* **Records provided**:
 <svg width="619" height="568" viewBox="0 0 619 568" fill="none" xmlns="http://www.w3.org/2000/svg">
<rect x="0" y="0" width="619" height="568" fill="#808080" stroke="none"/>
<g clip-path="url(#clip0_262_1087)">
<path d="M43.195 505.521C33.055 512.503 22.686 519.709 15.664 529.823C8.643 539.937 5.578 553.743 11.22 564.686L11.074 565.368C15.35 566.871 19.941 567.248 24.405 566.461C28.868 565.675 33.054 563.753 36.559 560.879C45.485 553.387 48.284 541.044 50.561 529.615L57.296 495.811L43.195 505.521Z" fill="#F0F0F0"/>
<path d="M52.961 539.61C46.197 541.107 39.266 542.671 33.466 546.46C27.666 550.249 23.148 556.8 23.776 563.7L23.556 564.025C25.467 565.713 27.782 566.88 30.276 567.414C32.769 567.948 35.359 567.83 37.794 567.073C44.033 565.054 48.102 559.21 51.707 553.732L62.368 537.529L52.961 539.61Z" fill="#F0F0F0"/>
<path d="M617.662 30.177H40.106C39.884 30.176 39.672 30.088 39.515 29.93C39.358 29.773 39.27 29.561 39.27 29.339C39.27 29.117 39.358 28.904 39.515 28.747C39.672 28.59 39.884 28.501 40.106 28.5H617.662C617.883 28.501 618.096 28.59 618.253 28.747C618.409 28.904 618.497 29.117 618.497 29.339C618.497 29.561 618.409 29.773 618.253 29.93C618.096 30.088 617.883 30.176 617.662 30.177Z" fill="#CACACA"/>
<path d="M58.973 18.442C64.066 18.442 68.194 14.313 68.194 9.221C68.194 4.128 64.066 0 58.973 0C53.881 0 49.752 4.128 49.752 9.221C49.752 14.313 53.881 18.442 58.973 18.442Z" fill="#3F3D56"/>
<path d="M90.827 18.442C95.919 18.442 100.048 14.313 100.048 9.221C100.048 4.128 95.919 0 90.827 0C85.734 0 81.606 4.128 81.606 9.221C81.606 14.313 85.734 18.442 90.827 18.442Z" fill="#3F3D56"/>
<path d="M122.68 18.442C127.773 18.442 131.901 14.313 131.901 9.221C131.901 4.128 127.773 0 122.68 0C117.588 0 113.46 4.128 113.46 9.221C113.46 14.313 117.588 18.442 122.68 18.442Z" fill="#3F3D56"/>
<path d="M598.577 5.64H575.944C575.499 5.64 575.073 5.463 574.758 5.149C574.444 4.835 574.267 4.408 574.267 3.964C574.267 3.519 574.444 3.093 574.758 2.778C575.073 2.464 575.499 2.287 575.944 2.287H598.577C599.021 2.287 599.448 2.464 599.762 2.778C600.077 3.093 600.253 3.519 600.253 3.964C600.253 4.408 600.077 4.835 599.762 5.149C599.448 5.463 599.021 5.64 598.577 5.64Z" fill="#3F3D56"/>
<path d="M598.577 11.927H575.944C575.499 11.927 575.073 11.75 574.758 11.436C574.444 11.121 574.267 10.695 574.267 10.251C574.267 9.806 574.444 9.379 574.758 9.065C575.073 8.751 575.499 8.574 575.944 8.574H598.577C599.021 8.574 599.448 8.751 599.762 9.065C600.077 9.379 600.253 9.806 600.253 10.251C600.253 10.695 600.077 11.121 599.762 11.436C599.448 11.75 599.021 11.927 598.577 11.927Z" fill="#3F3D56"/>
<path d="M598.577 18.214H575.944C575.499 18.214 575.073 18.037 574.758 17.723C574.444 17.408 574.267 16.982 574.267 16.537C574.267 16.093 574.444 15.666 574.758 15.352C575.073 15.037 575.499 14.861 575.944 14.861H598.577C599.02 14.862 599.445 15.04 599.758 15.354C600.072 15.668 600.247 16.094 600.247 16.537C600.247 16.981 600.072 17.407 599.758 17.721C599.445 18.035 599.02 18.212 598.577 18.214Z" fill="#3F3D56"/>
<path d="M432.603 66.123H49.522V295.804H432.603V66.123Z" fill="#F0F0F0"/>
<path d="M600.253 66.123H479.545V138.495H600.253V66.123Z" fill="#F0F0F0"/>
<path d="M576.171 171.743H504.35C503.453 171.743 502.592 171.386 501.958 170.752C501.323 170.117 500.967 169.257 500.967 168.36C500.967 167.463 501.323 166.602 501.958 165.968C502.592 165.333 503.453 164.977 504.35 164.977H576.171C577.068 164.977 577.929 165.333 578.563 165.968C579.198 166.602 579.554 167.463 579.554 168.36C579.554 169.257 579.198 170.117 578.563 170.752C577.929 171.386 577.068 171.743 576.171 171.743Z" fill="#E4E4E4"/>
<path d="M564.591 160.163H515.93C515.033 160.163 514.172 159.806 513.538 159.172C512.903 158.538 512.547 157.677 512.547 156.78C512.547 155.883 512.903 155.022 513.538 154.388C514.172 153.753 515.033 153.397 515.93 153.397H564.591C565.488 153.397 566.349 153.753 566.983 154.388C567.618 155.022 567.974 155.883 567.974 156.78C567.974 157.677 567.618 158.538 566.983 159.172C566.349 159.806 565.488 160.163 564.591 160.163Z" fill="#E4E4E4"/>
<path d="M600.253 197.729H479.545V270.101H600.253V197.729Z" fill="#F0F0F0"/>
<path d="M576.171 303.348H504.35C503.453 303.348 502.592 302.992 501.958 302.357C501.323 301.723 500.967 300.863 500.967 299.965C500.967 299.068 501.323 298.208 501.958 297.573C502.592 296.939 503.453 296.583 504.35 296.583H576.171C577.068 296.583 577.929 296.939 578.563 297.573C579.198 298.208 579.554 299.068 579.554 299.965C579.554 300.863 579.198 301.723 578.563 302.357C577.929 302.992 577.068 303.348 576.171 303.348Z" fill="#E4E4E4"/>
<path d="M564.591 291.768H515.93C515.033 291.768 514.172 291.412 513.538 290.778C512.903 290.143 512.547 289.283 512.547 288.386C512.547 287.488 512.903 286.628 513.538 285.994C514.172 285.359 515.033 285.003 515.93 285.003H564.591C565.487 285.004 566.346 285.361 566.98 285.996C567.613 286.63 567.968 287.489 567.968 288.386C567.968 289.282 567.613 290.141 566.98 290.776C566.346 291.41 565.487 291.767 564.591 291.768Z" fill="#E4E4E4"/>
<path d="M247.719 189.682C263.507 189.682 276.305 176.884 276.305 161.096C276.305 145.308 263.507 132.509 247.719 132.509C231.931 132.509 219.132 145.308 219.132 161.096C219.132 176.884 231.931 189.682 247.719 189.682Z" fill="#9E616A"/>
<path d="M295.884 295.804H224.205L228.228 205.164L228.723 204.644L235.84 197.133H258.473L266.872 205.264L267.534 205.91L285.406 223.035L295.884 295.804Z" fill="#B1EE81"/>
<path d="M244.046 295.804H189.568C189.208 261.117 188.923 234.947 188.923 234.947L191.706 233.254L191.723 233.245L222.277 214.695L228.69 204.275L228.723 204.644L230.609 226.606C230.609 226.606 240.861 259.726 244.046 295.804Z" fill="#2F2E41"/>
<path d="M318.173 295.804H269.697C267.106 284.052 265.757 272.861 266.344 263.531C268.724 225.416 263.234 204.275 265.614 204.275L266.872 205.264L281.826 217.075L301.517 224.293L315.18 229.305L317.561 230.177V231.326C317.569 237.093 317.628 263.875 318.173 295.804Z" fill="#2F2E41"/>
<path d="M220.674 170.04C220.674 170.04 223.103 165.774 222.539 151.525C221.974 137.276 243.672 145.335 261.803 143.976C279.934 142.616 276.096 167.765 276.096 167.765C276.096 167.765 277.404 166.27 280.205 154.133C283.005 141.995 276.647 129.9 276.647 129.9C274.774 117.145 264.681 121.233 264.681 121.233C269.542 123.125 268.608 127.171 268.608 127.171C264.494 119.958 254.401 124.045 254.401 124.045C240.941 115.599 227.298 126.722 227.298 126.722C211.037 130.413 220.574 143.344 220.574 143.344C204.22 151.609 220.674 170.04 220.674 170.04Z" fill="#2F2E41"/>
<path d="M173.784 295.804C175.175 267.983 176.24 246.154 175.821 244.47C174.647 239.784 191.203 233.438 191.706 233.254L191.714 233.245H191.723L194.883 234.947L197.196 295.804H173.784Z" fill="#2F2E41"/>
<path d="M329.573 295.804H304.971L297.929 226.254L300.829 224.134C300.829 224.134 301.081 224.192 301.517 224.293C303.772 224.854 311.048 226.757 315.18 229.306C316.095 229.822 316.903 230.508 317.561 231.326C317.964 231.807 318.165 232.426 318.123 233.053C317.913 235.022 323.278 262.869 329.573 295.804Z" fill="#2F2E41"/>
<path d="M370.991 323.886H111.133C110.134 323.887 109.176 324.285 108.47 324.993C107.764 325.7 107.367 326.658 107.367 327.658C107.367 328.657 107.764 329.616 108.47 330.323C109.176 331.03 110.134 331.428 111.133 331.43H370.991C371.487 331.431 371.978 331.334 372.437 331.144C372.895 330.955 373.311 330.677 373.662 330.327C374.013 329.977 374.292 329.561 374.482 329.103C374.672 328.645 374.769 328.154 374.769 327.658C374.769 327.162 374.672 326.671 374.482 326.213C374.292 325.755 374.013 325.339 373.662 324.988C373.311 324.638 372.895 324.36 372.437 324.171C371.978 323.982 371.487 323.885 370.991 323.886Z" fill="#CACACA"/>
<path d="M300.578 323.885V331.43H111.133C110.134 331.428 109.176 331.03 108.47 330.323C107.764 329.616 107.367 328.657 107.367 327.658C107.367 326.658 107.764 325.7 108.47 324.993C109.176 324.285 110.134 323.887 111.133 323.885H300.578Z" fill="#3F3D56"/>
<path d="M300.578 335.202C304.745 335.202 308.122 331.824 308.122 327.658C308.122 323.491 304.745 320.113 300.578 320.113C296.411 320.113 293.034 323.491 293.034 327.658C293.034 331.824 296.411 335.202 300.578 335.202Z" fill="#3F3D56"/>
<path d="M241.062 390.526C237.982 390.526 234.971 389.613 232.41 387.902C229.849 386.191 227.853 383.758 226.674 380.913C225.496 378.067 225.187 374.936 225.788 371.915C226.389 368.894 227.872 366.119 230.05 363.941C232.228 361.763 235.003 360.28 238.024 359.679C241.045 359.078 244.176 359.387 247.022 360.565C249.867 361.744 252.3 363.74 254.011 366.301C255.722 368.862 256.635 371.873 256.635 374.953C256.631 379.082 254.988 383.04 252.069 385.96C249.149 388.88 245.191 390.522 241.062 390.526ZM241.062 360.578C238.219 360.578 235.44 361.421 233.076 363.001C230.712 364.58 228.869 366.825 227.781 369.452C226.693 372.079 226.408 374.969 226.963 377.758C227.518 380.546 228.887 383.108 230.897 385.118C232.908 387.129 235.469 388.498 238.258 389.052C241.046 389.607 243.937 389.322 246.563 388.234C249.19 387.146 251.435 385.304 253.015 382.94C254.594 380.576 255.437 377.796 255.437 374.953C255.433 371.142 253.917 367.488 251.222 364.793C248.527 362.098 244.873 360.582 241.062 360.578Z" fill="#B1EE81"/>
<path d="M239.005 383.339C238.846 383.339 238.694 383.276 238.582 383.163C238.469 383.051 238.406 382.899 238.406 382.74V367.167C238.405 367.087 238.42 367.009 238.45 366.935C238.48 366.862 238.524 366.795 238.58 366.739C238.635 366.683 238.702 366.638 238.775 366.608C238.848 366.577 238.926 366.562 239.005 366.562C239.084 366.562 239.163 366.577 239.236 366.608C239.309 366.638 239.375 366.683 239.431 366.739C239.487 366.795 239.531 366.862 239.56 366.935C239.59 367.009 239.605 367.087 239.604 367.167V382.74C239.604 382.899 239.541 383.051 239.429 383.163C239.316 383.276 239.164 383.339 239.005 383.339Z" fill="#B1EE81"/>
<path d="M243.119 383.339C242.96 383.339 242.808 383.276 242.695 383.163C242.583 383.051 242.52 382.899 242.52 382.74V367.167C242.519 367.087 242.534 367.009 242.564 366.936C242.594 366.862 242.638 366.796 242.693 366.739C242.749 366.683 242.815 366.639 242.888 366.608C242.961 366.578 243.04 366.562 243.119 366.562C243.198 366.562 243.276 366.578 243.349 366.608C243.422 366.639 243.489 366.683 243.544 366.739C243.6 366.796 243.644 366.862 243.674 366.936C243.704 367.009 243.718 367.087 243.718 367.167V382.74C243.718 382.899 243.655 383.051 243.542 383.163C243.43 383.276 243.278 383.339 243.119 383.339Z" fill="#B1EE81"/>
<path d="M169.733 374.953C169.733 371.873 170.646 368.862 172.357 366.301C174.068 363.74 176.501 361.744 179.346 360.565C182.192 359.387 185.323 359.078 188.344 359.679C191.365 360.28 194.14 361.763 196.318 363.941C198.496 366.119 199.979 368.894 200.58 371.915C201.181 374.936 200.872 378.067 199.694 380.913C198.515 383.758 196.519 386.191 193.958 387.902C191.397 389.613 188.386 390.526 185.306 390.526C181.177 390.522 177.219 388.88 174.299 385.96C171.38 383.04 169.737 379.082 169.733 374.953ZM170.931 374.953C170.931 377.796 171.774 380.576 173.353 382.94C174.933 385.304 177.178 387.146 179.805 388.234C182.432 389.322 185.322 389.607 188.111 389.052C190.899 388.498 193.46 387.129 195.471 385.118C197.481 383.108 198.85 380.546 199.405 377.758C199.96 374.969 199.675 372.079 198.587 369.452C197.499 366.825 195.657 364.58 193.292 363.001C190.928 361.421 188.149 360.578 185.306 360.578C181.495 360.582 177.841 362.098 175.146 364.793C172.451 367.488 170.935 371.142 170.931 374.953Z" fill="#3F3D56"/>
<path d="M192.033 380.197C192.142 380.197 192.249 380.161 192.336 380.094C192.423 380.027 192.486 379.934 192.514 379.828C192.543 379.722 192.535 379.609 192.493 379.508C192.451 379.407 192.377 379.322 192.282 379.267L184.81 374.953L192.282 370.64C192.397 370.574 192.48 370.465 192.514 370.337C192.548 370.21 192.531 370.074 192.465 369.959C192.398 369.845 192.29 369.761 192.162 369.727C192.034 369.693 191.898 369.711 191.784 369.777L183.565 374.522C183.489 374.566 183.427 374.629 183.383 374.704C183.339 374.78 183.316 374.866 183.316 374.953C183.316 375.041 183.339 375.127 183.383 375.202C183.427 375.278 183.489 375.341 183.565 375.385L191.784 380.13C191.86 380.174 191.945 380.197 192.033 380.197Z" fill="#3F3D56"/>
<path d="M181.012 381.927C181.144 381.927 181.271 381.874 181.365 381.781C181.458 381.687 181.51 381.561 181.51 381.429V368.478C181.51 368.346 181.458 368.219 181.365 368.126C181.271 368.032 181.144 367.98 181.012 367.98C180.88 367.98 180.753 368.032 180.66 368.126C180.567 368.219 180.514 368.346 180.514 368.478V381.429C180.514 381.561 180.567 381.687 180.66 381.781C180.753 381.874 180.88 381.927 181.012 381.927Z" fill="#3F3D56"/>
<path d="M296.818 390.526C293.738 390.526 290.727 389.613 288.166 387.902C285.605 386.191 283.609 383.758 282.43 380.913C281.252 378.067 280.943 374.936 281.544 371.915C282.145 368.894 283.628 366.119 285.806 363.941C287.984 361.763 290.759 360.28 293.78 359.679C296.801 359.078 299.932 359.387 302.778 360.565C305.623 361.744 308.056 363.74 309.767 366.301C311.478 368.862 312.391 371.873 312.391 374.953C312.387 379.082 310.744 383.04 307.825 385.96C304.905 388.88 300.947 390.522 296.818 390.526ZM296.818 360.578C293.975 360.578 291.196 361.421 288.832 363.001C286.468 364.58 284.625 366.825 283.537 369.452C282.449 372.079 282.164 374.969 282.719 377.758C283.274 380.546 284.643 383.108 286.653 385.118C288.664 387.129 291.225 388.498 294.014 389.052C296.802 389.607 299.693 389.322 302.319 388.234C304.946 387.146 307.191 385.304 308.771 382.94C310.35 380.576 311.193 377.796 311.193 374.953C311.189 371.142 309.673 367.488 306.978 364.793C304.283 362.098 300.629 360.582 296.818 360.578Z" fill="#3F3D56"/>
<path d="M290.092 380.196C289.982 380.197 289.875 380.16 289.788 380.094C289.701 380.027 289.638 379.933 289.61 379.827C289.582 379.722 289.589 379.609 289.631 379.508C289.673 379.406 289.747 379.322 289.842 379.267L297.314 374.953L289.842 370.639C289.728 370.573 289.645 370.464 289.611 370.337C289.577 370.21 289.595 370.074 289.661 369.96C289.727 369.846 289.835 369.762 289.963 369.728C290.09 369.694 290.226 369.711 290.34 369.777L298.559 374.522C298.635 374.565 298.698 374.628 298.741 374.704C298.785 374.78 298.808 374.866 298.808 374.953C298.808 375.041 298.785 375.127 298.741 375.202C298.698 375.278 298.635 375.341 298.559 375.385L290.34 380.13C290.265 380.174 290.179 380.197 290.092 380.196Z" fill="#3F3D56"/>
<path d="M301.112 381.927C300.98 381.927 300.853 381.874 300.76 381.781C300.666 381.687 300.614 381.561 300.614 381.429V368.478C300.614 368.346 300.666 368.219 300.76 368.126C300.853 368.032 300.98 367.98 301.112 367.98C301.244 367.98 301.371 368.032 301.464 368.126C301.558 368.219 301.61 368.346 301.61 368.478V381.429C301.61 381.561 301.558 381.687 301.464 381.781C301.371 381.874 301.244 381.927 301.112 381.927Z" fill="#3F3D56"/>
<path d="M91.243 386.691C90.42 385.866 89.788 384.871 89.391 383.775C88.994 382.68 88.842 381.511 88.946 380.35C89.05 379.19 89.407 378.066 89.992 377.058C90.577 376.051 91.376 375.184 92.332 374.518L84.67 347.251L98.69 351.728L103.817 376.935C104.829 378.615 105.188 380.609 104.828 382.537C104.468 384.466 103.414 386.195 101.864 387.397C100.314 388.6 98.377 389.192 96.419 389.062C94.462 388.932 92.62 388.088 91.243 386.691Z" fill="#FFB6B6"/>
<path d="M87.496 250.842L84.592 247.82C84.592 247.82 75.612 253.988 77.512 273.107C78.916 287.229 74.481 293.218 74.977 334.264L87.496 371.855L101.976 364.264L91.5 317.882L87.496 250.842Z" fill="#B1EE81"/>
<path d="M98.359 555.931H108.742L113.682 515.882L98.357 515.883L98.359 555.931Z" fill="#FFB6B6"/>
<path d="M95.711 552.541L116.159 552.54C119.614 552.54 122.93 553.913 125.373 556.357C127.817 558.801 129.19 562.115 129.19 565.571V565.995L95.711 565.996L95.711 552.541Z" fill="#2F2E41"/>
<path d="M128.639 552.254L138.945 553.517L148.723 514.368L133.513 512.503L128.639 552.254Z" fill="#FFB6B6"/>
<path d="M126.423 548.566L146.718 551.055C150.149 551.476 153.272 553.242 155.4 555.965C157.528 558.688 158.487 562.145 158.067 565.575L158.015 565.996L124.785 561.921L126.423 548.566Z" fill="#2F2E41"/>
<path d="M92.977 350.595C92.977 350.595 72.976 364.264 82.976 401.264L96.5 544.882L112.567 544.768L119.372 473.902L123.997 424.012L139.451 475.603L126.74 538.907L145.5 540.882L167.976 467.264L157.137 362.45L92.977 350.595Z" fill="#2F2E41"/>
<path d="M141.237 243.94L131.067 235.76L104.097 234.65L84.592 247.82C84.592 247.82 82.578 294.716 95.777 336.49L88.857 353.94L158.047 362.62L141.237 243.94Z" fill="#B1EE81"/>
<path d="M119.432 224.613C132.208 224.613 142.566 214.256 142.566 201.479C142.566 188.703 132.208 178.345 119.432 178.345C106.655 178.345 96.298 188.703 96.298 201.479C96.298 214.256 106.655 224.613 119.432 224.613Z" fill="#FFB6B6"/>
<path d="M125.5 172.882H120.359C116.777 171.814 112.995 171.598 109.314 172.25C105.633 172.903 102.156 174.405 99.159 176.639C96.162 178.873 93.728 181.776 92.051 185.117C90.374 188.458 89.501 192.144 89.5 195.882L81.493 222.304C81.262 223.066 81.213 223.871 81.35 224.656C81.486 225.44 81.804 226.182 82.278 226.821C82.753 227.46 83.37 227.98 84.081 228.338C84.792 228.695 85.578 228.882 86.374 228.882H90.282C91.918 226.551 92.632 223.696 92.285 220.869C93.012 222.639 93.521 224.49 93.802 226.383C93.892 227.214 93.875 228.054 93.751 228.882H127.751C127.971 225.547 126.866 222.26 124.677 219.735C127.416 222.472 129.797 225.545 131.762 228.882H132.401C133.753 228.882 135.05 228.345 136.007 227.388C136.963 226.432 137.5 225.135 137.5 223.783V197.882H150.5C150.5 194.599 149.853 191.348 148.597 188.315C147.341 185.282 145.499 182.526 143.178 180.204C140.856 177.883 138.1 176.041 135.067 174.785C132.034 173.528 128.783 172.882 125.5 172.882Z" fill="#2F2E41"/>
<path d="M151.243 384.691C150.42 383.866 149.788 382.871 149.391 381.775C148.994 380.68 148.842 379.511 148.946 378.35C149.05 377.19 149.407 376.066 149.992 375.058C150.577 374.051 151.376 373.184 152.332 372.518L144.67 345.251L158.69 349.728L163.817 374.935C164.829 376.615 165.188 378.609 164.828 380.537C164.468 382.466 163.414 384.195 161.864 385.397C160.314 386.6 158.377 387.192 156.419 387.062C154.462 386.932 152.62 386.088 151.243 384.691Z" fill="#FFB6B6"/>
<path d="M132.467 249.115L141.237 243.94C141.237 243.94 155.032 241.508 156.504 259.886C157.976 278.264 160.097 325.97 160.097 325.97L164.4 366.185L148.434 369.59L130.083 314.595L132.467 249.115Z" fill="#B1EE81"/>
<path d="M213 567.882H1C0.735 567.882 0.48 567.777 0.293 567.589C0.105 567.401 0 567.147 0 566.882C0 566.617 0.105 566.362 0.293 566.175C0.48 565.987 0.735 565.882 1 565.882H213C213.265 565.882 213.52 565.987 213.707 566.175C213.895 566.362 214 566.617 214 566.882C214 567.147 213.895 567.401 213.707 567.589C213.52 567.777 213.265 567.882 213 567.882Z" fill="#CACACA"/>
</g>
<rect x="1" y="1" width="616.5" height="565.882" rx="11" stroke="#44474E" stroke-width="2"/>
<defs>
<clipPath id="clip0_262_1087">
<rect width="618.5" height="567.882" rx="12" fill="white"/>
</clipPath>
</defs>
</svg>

* **Exercise requirements**: Up to and including the line containing "18.442C64.066 18.442 68.194", please write out the listing exactly, starting from its first line.

* **Written solution**:
 <svg width="619" height="568" viewBox="0 0 619 568" fill="none" xmlns="http://www.w3.org/2000/svg">
<rect x="0" y="0" width="619" height="568" fill="#808080" stroke="none"/>
<g clip-path="url(#clip0_262_1087)">
<path d="M43.195 505.521C33.055 512.503 22.686 519.709 15.664 529.823C8.643 539.937 5.578 553.743 11.22 564.686L11.074 565.368C15.35 566.871 19.941 567.248 24.405 566.461C28.868 565.675 33.054 563.753 36.559 560.879C45.485 553.387 48.284 541.044 50.561 529.615L57.296 495.811L43.195 505.521Z" fill="#F0F0F0"/>
<path d="M52.961 539.61C46.197 541.107 39.266 542.671 33.466 546.46C27.666 550.249 23.148 556.8 23.776 563.7L23.556 564.025C25.467 565.713 27.782 566.88 30.276 567.414C32.769 567.948 35.359 567.83 37.794 567.073C44.033 565.054 48.102 559.21 51.707 553.732L62.368 537.529L52.961 539.61Z" fill="#F0F0F0"/>
<path d="M617.662 30.177H40.106C39.884 30.176 39.672 30.088 39.515 29.93C39.358 29.773 39.27 29.561 39.27 29.339C39.27 29.117 39.358 28.904 39.515 28.747C39.672 28.59 39.884 28.501 40.106 28.5H617.662C617.883 28.501 618.096 28.59 618.253 28.747C618.409 28.904 618.497 29.117 618.497 29.339C618.497 29.561 618.409 29.773 618.253 29.93C618.096 30.088 617.883 30.176 617.662 30.177Z" fill="#CACACA"/>
<path d="M58.973 18.442C64.066 18.442 68.194 14.313 68.194 9.221C68.194 4.128 64.066 0 58.973 0C53.881 0 49.752 4.128 49.752 9.221C49.752 14.313 53.881 18.442 58.973 18.442Z" fill="#3F3D56"/>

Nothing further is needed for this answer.